=== Task statement ===
Exact copies of the lines below, from the one with "A book cover" up to and including the one with "Question: What Dhivehi", are what this calls for; leave out pictures.

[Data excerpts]
####################

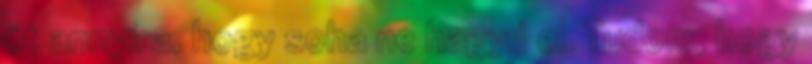
őt annyira, hogy soha ne hagyd el. Tudom, hogy
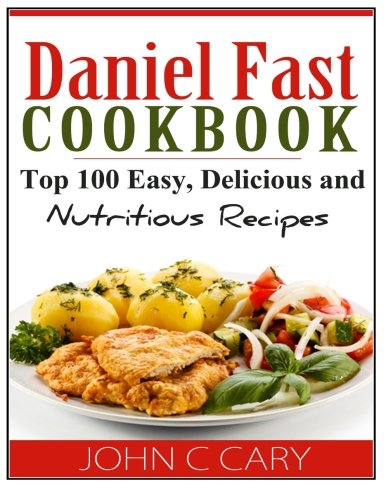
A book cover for Daniel Fast Cookbook: Top 100 Easy, Delicious and Nutritious Recipes; John C Cary; Cookbooks, Food & Wine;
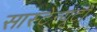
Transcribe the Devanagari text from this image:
सास्टेन्यूटो
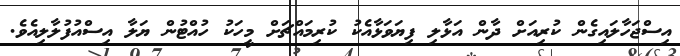
އިސްޖަހާލައިގެން ކުރިއަށް ދާން އަޅާލި ފިޔަވަޅާއެކު ކުރިމައްޗަށް މީހަކު ހުއްޓުން ޔަލާ އިސްއުފުލާލިއެވެ.
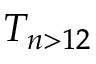
T _ { n > 1 2 }
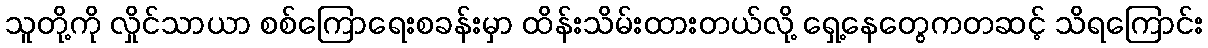
သူတို့ကို လှိုင်သာယာ စစ်ကြောရေးစခန်းမှာ ထိန်းသိမ်းထားတယ်လို့ ရှေ့နေတွေကတဆင့် သိရကြောင်း
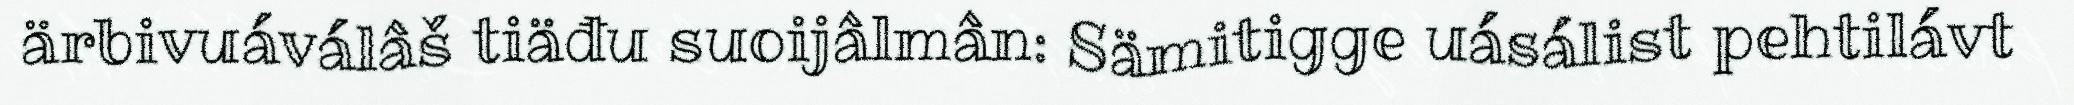
ärbivuáválâš tiäđu suoijâlmân: Sämitigge uásálist pehtilávt
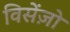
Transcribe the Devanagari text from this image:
विसेंज़ो
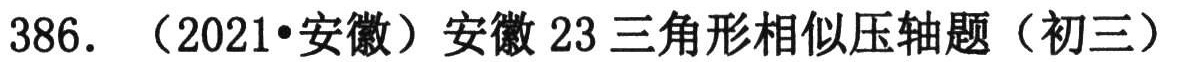
386. （2021•安徽）安徽23三角形相似压轴题（初三）
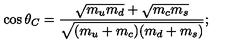
\cos \theta _ { C } = \frac { \sqrt { m _ { u } m _ { d } } + \sqrt { m _ { c } m _ { s } } } { \sqrt { ( m _ { u } + m _ { c } ) ( m _ { d } + m _ { s } ) } } ;
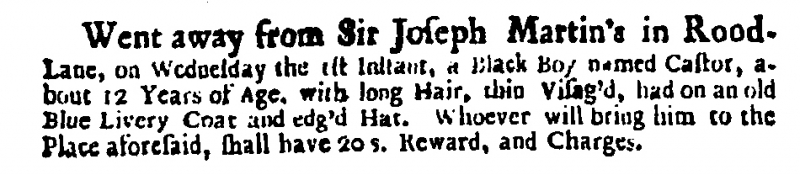
Daily Courant, 6 September 1714 (England)
Went away from Sir Joseph Martin’s in Rood-Lane, on Wednesday the 1st Instant, a Black Boy named Castor, about 12 Years of Age, with long Hair, thin Visag’d, had on an old Blue Livery Coat and edg’d Hat. Whoever will bring him to the Place aforesaid, shall have 20 s. Reward, and Charges.
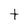
Character: t
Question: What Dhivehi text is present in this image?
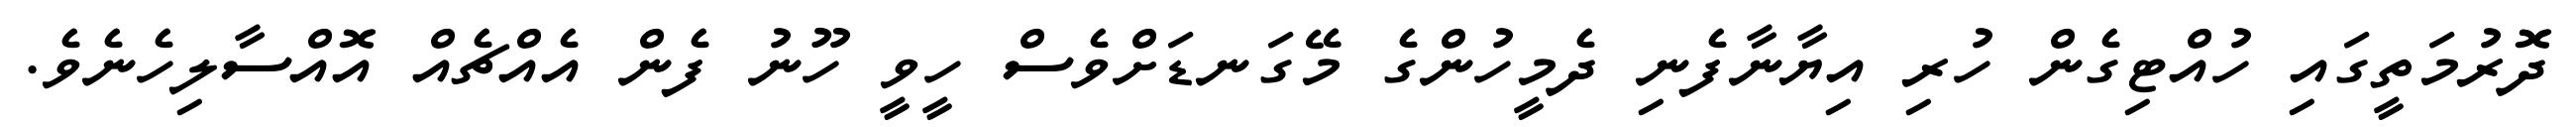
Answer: ދޮރުމަތީގައި ހުއްޓިގެން ހުރި އިޔާނާފެނި ދެމީހުންގެ މޭގަނޑަށްވެސް ހީވީ ހޫނު ފެން އެއްޗެއް އޮއްސާލިހެނެވެ.
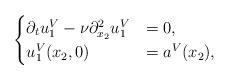
LaTeX: \begin{align*}\begin{cases} \partial_t u^V_1 -\nu\partial_{x_2}^2 u^V_1 &= 0, \\ u^V_1(x_2,0) &= a^V(x_2),\end{cases}\end{align*}
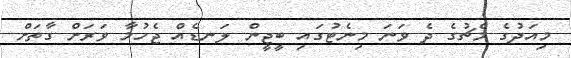
މިއަދުގެ މެޗުގެ ދެ ވަނަ މިނެޓުގައި ބީޖީން ލަނޑެއް ޖެހުމާ ވަރަށް ގާތަށް
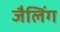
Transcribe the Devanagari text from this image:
जैलिंग
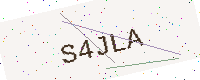
Text: S4JLA
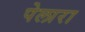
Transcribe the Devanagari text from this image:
पेलारा
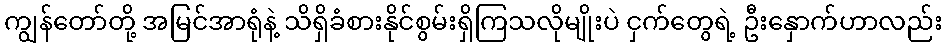
ကျွန်တော်တို့ အမြင်အာရုံနဲ့ သိရှိခံစားနိုင်စွမ်းရှိကြသလိုမျိုးပဲ ငှက်တွေရဲ့ ဦးနှောက်ဟာလည်း
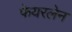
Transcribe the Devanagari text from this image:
फेयरलेन
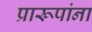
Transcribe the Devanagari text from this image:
प्रारूपांना
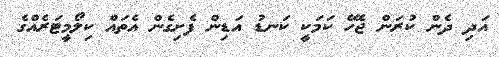
އަދި ދެން ކުރަން ޖެހޭ ކަމަކީ ކަނޑު އަޑިން ފެށިގެން އެތައް ކިލޯމީޓަރެއްގެ
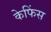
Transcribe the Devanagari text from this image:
केफिंस
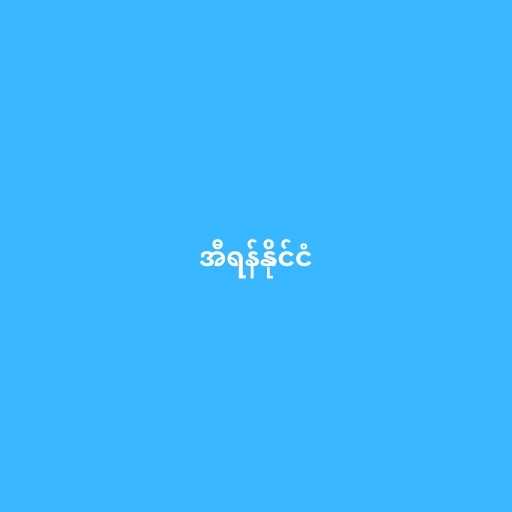
အီရန်နိုင်ငံ
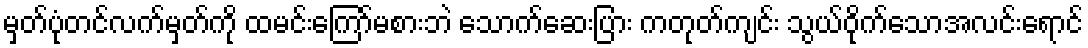
မှတ်ပုံတင်လက်မှတ်ကို ထမင်းကြော်မစားဘဲ သောက်ဆေးပြား ကတုတ်ကျင်း သွယ်ဝိုက်သောအလင်းရောင်
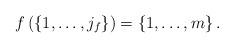
LaTeX: \begin{align*}f\left(\left\{ 1,\dots,j_{f}\right\} \right)=\left\{ 1,\dots,m\right\} .\end{align*}
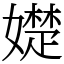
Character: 𡢟
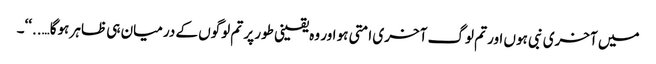
میں آخری نبی ہوں اور تم لوگ آخری امتی ہو اور وہ یقینی طور پر تم لوگوں کے درمیان ہی ظاہر ہوگا…..‘‘۔
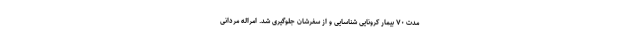
مدت ۷۰ بیمار کرونایی شناسایی و از سفرشان جلوگیری شد. امراله مردانی
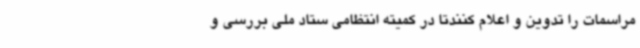
مراسمات را تدوین و اعلام کنندتا در کمیته انتظامی ستاد ملی بررسی و
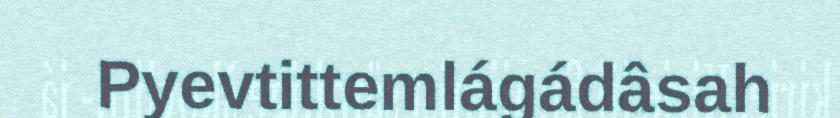
Pyevtittemlágádâsah
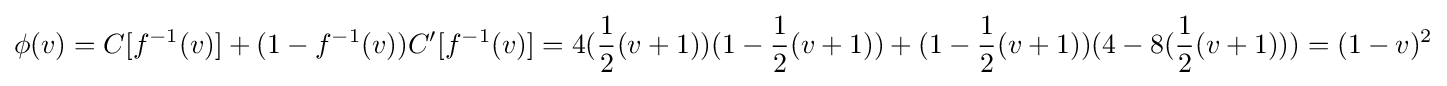
\phi (v)=C[f^{-1}(v)]+(1-f^{-1}(v))C'[f^{-1}(v)]=4({\frac {1}{2}}(v+1))(1-{\frac {1}{2}}(v+1))+(1-{\frac {1}{2}}(v+1))(4-8({\frac {1}{2}}(v+1)))=(1-v)^{2}
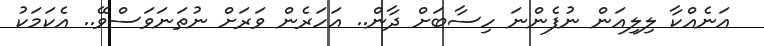
އަނެއްކާ ލިލިއަން ނުފެންނަ ހިސާބަށް ދާން.. އަހަރެން ވަރަށް ނުތަނަވަސްވޭ.. އެކަމަކު
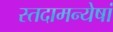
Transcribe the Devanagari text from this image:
स्तदामन्येषां
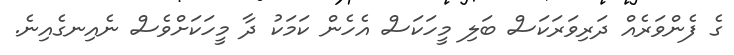
ގެ ފެންވަރެއް ދަރިވަރަކަސް ބަލި މީހަކަސް އެހެން ކަމަކު ދާ މީހަކަށްވެސް ނެއިނގެއިނެ.
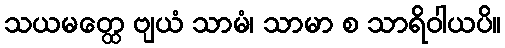
သယမတ္ထေ ဗျယံ သာမံ၊ သာမာ စ သာရိဝါယပိ။
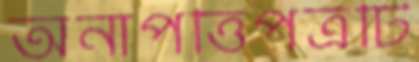
অনাপত্তিপত্রটি
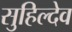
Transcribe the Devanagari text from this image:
सुहिल्देव
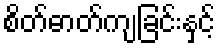
စိတ်ဓာတ်ကျခြင်းနှင့်
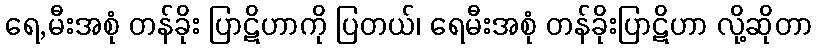
ရေ,မီးအစုံ တန်ခိုး ပြာဋိဟာကို ပြတယ်၊ ရေမီးအစုံ တန်ခိုးပြာဋိဟာ လို့ဆိုတာ
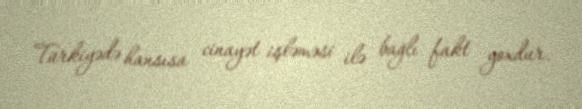
Türkiyədə hansısa cinayət işləməsi ilə bağlı fakt yoxdur.
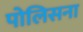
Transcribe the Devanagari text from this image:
पोलिसना
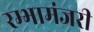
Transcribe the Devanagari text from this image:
रम्भामंजरी
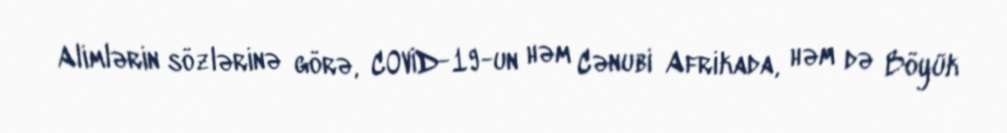
Alimlərin sözlərinə görə, COVİD-19-un həm Cənubi Afrikada, həm də Böyük
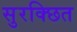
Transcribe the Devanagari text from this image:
सुरक्छित
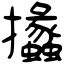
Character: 攭
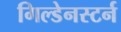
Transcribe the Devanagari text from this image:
गिल्डेनस्टर्न
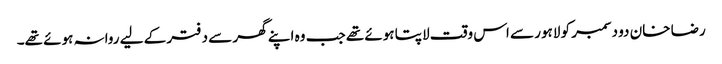
رضا خان دو دسمبر کو لاہور سے اس وقت لاپتا ہوئے تھے جب وہ اپنے گھر سے دفتر کے لیے روانہ ہوئے تھے۔
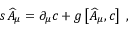
s \widehat { A } _ { \mu } = \partial _ { \mu } c + g \left[ \widehat { A } _ { \mu } , c \right] \; ,
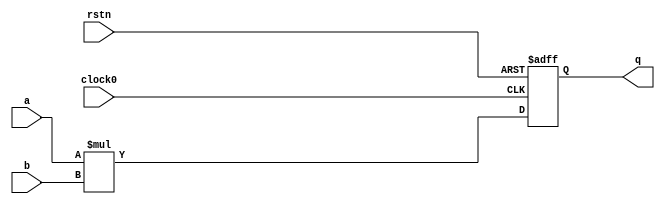

module dut  (input [2:0]a,b,
              input rstn,
              input clock0,
              output reg [5:0] q);
 
  always @ (posedge clock0 or negedge rstn) 
      begin
       if (!rstn)
          q <= 0;
       else
          q <= a*b;
      end    
endmodule
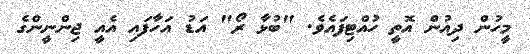
މީހުން ދިއުން އޮތީ ހުއްޓިފައެވެ. "ބުޅާ ރޯ" އަޑު އަހާފައި އެއީ ޖިންނީންގެ
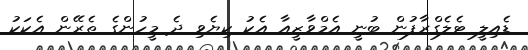
ޑެއިލީ ޓެލެގްރާފުން ބުނީ އެމްވާޒީއާ އެކު ކިޔެވި ދެ މީހުންގެ ތެރޭން އެކަކު
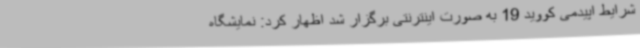
شرایط اپیدمی کووید 19 به صورت اینترنتی برگزار شد اظهار کرد: نمایشگاه
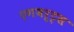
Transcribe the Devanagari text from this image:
एगबर्ट्स
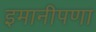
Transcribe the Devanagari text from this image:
इमानीपणा
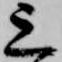
上
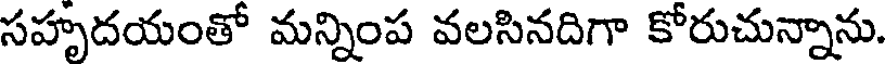
సహృదయంతో మన్నింప వలసినదిగా కోరుచున్నాను.
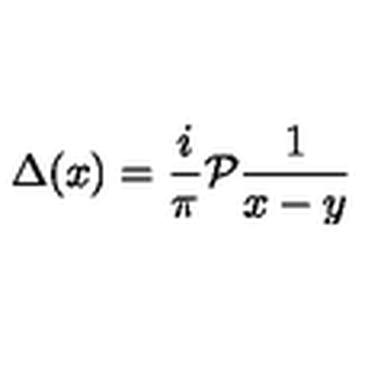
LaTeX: \Delta ( x ) = \frac { i } { \pi } { \cal P } \frac { 1 } { x - y }
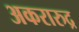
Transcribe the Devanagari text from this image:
अकरारुद्र
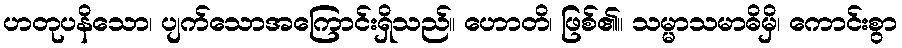
ဟတုပနိသော၊ ပျက်သောအကြောင်းရှိသည်။ ဟောတိ၊ ဖြစ်၏။ သမ္မာသမာဓိမှိ၊ ကောင်းစွာ
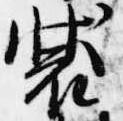
装
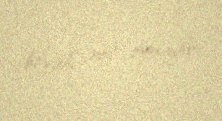
böyük rol oynayır.
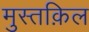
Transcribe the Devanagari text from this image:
मुस्तक़िल

####################

=== Result of the exercise ===
A book cover for Daniel Fast Cookbook: Top 100 Easy, Delicious and Nutritious Recipes; John C Cary; Cookbooks, Food & Wine;
Transcribe the Devanagari text from this image:
सास्टेन्यूटो
އިސްޖަހާލައިގެން ކުރިއަށް ދާން އަޅާލި ފިޔަވަޅާއެކު ކުރިމައްޗަށް މީހަކު ހުއްޓުން ޔަލާ އިސްއުފުލާލިއެވެ.
T _ { n > 1 2 }
သူတို့ကို လှိုင်သာယာ စစ်ကြောရေးစခန်းမှာ ထိန်းသိမ်းထားတယ်လို့ ရှေ့နေတွေကတဆင့် သိရကြောင်း
ärbivuáválâš tiäđu suoijâlmân: Sämitigge uásálist pehtilávt
Transcribe the Devanagari text from this image:
विसेंज़ो
386. （2021•安徽）安徽23三角形相似压轴题（初三）
\cos \theta _ { C } = \frac { \sqrt { m _ { u } m _ { d } } + \sqrt { m _ { c } m _ { s } } } { \sqrt { ( m _ { u } + m _ { c } ) ( m _ { d } + m _ { s } ) } } ;
Daily Courant, 6 September 1714 (England)
Went away from Sir Joseph Martin’s in Rood-Lane, on Wednesday the 1st Instant, a Black Boy named Castor, about 12 Years of Age, with long Hair, thin Visag’d, had on an old Blue Livery Coat and edg’d Hat. Whoever will bring him to the Place aforesaid, shall have 20 s. Reward, and Charges.
Character: t
Question: What Dhivehi text is present in this image?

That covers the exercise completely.